__How to complete this task__
Print out each record below, unaltered and complete, without its images.

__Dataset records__
- - -

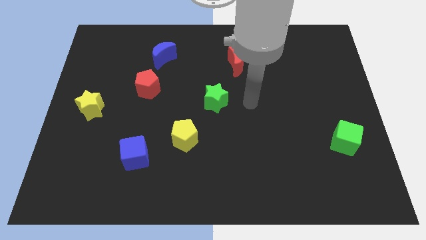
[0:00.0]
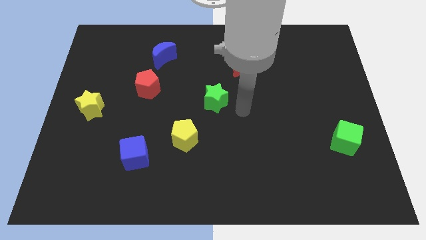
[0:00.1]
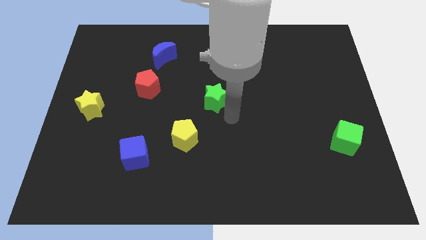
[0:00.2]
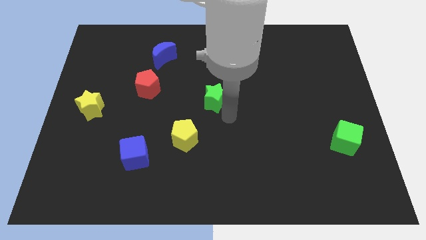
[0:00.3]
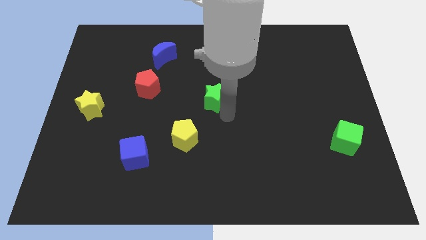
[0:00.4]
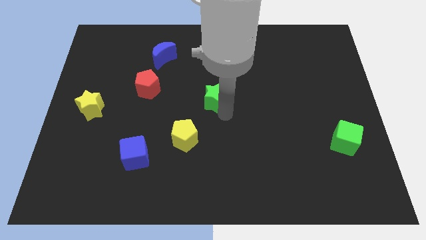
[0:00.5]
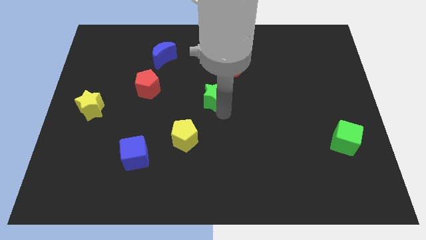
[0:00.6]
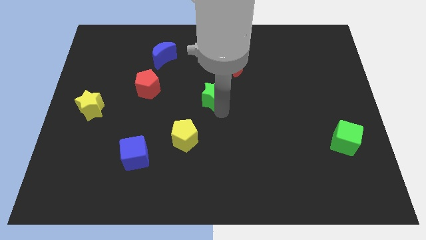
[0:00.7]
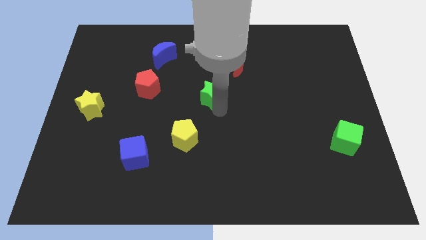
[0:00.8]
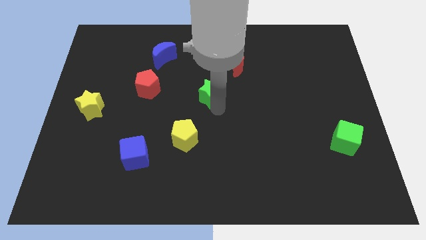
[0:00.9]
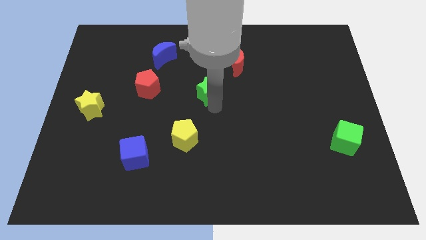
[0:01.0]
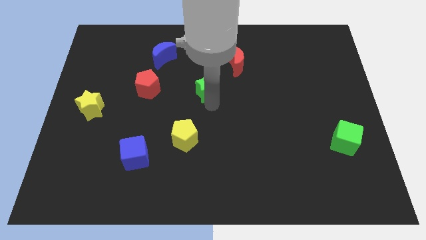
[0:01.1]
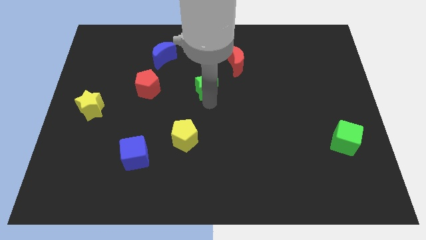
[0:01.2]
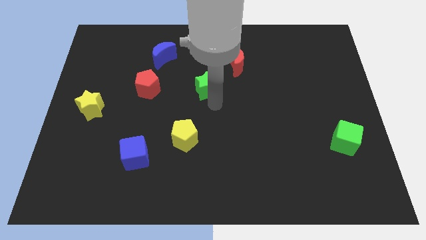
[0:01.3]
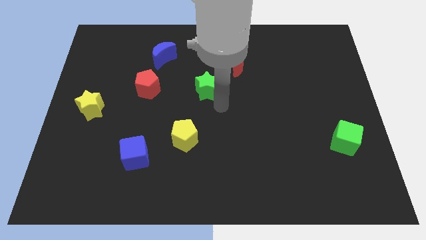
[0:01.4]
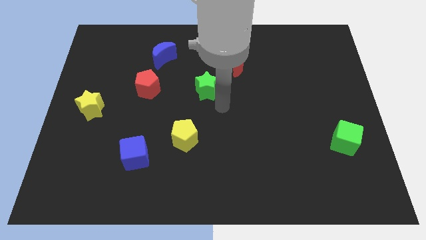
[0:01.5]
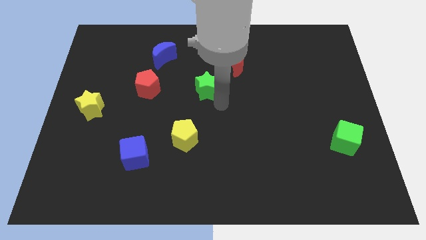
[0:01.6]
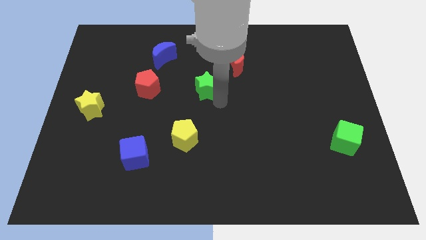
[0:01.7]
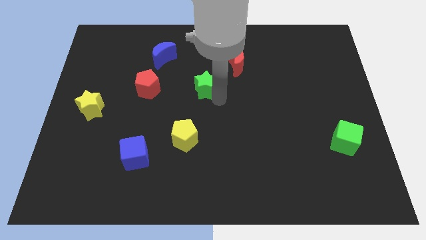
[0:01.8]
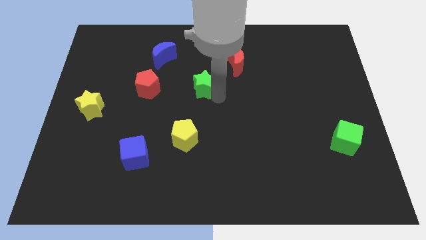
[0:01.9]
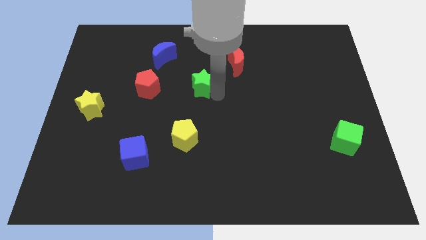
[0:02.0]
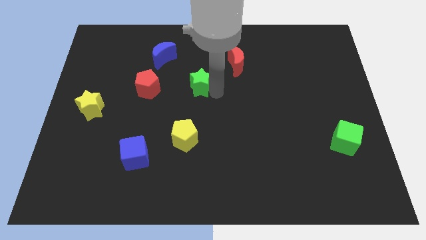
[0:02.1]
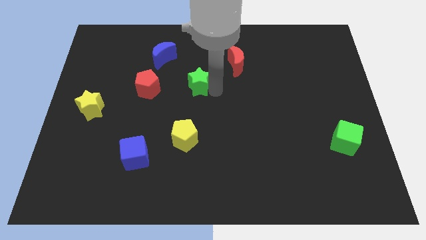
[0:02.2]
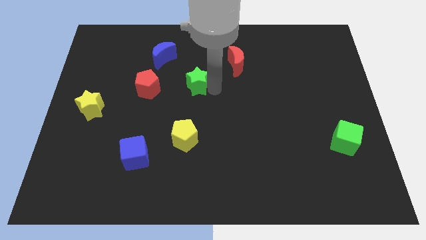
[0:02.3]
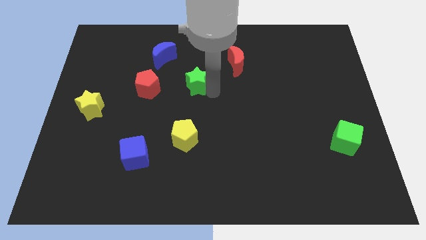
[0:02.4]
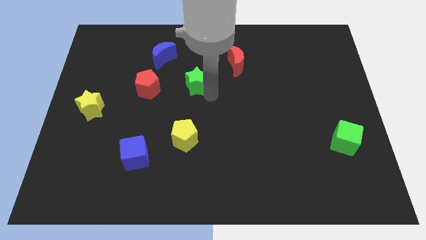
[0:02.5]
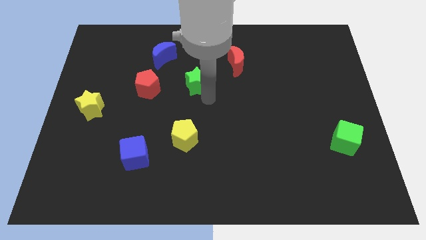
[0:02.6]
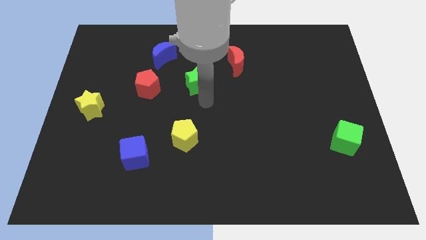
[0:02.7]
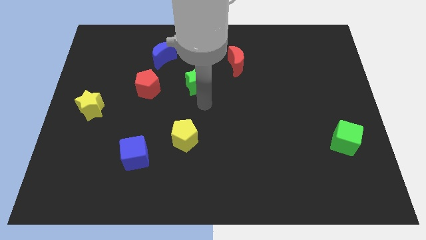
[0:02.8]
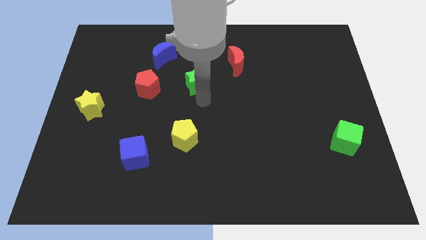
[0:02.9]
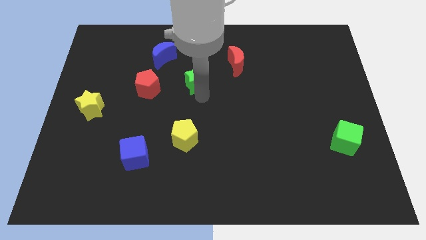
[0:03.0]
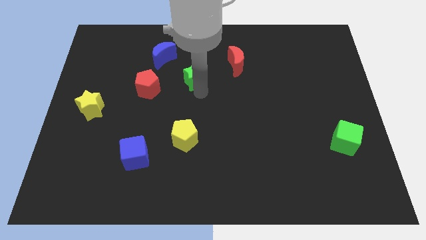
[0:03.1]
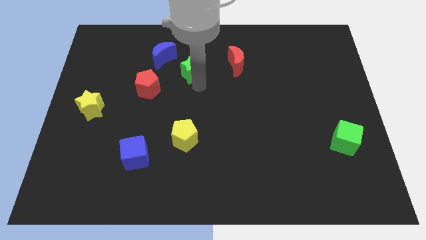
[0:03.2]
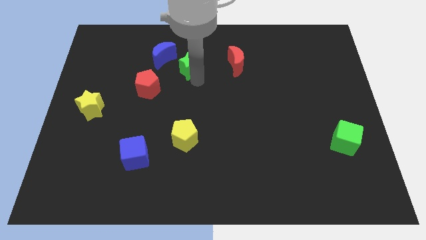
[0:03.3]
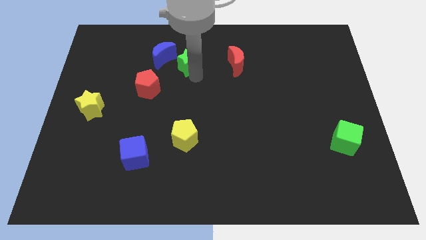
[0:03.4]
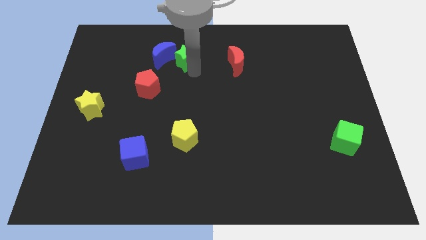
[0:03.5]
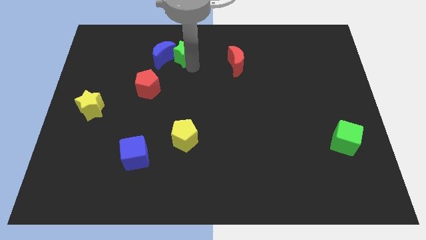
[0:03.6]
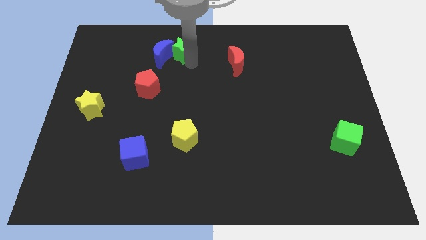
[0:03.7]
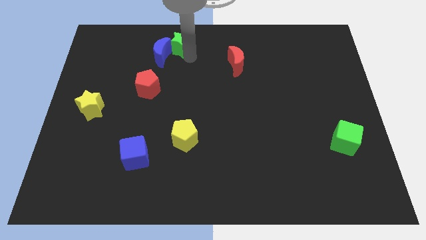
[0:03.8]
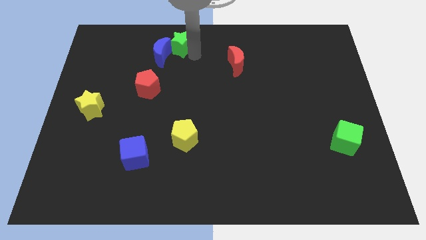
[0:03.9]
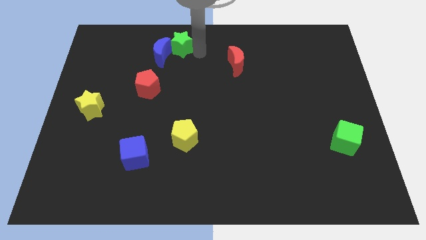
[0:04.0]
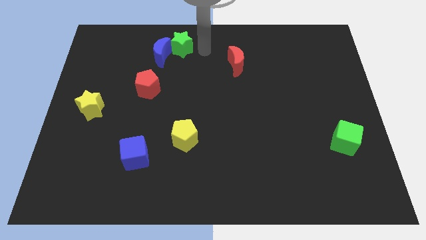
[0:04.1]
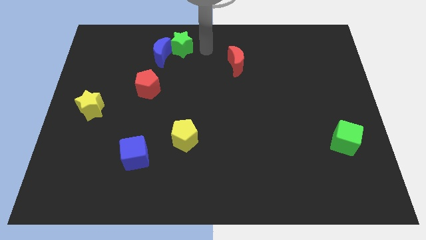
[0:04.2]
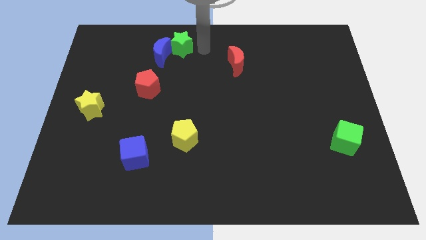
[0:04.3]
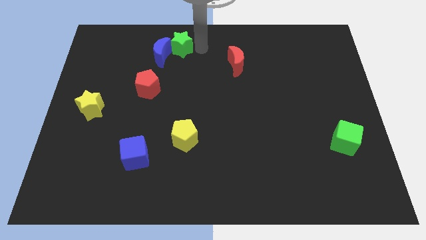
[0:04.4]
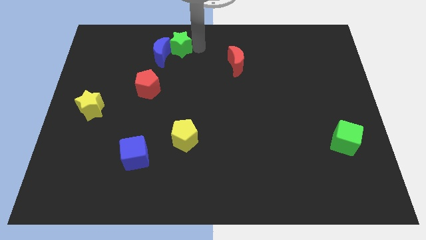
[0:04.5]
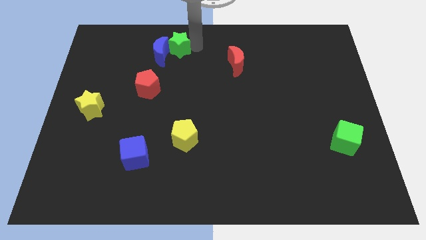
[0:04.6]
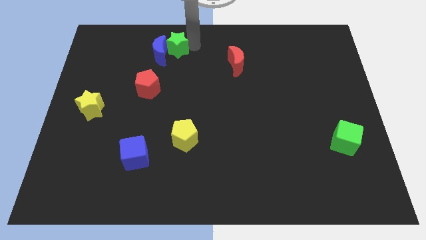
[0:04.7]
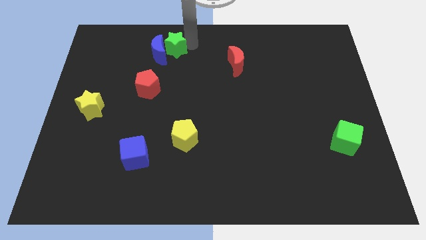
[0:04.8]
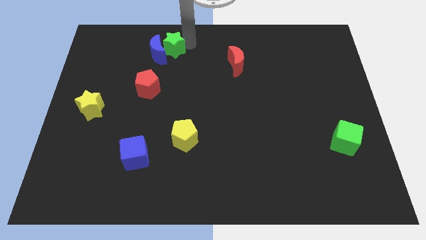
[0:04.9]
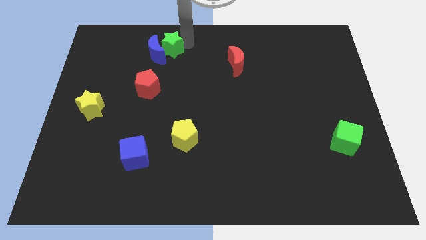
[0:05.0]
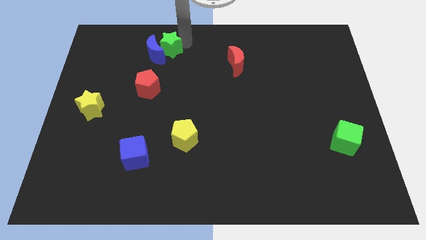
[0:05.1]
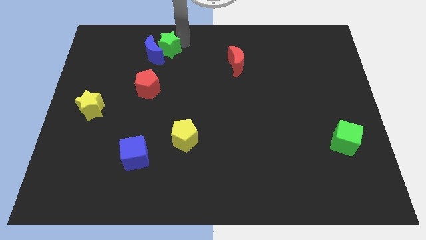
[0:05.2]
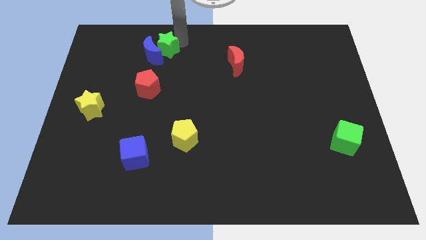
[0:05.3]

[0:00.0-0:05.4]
slide the green star above the red pentagon

- - -

__Problem solution__
[0:00.0]
[0:00.1]
[0:00.2]
[0:00.3]
[0:00.4]
[0:00.5]
[0:00.6]
[0:00.7]
[0:00.8]
[0:00.9]
[0:01.0]
[0:01.1]
[0:01.2]
[0:01.3]
[0:01.4]
[0:01.5]
[0:01.6]
[0:01.7]
[0:01.8]
[0:01.9]
[0:02.0]
[0:02.1]
[0:02.2]
[0:02.3]
[0:02.4]
[0:02.5]
[0:02.6]
[0:02.7]
[0:02.8]
[0:02.9]
[0:03.0]
[0:03.1]
[0:03.2]
[0:03.3]
[0:03.4]
[0:03.5]
[0:03.6]
[0:03.7]
[0:03.8]
[0:03.9]
[0:04.0]
[0:04.1]
[0:04.2]
[0:04.3]
[0:04.4]
[0:04.5]
[0:04.6]
[0:04.7]
[0:04.8]
[0:04.9]
[0:05.0]
[0:05.1]
[0:05.2]
[0:05.3]

[0:00.0-0:05.4]
slide the green star above the red pentagon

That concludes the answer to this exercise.